▶ YOUR GOAL
Every line that contains "note" must be located and copied from the data.

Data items
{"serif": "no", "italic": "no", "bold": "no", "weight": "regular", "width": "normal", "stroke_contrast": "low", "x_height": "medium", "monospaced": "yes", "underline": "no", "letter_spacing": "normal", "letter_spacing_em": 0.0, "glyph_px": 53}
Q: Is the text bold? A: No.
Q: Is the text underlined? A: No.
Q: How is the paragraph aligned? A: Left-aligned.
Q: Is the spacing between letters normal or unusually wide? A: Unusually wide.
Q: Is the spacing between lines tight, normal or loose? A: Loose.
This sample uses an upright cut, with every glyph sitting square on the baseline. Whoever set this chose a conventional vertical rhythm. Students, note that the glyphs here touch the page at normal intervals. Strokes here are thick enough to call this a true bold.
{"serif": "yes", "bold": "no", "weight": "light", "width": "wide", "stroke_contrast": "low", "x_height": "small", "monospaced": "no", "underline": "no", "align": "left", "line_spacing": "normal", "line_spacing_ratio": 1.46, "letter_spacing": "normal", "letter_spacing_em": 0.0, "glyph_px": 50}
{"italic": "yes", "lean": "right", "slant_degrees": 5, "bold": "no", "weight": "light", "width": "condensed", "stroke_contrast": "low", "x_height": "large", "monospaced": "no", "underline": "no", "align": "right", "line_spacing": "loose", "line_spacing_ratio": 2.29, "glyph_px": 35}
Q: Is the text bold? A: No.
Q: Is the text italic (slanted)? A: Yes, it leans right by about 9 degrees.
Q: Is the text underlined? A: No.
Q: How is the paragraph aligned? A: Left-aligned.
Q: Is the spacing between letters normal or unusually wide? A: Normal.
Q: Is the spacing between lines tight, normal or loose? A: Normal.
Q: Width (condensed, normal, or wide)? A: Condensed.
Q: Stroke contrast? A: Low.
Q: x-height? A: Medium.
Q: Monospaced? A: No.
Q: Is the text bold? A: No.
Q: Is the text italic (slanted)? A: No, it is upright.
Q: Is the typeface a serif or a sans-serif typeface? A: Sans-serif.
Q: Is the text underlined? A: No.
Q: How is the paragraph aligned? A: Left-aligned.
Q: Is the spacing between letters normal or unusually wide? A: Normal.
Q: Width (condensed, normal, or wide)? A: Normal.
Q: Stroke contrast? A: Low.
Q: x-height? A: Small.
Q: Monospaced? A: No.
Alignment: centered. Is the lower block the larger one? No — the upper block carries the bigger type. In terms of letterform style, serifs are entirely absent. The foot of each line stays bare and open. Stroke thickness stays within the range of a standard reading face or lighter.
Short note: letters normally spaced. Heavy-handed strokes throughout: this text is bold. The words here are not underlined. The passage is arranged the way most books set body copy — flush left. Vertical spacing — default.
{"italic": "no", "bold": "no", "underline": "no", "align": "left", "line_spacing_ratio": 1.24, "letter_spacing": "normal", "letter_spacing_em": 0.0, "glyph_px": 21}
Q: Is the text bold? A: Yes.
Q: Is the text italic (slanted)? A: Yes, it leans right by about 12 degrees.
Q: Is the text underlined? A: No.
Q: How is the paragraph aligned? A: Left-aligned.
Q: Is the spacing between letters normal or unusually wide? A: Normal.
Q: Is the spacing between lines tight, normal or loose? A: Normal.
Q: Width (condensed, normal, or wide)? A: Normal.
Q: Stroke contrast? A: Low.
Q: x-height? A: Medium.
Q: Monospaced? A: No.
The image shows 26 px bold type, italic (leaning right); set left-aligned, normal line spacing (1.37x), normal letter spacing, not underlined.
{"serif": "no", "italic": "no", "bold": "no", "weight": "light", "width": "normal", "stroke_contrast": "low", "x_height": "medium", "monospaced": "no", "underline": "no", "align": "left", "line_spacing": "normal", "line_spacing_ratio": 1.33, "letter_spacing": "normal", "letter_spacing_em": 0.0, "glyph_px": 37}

▶ ANSWER TO THE EXERCISE
This sample uses an upright cut, with every glyph sitting square on the baseline. Whoever set this chose a conventional vertical rhythm. Students, note that the glyphs here touch the page at normal intervals. Strokes here are thick enough to call this a true bold.
Short note: letters normally spaced. Heavy-handed strokes throughout: this text is bold. The words here are not underlined. The passage is arranged the way most books set body copy — flush left. Vertical spacing — default.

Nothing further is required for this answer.